Facing Fear - Part 1

Facing Our Fears


There are different synonyms to fear:  alarm, anxiety, dread, fearfulness, fright, horror, panic, scare, terror, trepidation, etc...

What do you gain by facing and overcoming your fears? You gain self-esteem! You gain courage! You gain wisdom!… You gain yourself! There is a wonderful feeling that comes from being free of your fears. Unchallenged fear becomes a prison for you that prevent you from going forward thus preventing you from accomplishing your goals and living victoriously. It binds and chains your mind so much so that you cannot think outside of the cell that you have allow yourself to be put in.

Avoidance of that fear leads to more avoidance and the fear escalates as you give in to it, thus you give it more power from you. You become powerless and it becomes more powerful over you, sometimes to the point of it becoming a “phobia” which we will discuss later. Being proactive in dealing with your fear will release the chains that bind you.

Your body reacts to fear.
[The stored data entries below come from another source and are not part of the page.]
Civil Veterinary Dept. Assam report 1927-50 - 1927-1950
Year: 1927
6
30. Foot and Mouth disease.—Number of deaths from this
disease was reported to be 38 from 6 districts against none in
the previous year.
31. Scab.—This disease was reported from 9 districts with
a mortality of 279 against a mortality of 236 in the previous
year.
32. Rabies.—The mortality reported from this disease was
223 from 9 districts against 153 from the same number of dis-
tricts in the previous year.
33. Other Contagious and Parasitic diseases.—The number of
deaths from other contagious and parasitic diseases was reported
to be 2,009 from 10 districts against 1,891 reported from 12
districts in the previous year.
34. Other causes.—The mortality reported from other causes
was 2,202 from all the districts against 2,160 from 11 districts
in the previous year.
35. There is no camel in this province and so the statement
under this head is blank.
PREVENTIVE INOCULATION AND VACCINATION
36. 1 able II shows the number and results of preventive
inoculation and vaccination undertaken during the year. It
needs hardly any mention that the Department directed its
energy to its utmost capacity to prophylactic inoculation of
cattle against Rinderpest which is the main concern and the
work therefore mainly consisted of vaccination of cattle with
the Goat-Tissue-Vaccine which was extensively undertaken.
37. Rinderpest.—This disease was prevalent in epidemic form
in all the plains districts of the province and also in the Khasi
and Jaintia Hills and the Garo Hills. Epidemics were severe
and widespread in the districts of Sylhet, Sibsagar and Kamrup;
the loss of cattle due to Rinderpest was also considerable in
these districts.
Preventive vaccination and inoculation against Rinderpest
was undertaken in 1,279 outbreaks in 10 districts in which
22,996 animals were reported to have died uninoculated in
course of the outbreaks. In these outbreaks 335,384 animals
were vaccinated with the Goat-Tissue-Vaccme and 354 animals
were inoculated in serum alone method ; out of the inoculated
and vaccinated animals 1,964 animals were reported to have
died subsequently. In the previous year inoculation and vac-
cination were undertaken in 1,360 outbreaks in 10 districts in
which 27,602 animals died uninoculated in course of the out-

When the brain thinks or perceives that a situation is possibly life threatening, it reacts in 1 of 2 ways, “Fight or Flight”. “Fight” is the pathway of aggression to defend yourself and “flight” is the fear reaction that sets the body in motion to run or escape from the threat. This "fight or flight response" is essential in truly dangerous circumstances to decrease the chance of injury or death.

The key word here is "perceives". The perception that a situation is life threatening does not mean it is. And that is the problem. All of us have experienced fear at one time or another, but only some of us have actually experienced it to the point that we are in physical life threatening danger. However, although we may not be truly experiencing a life-threatening situation, because of our “perception” our body reacts as if we were.

This week we will discuss the symptoms of fear and the steps necessary to overcome it.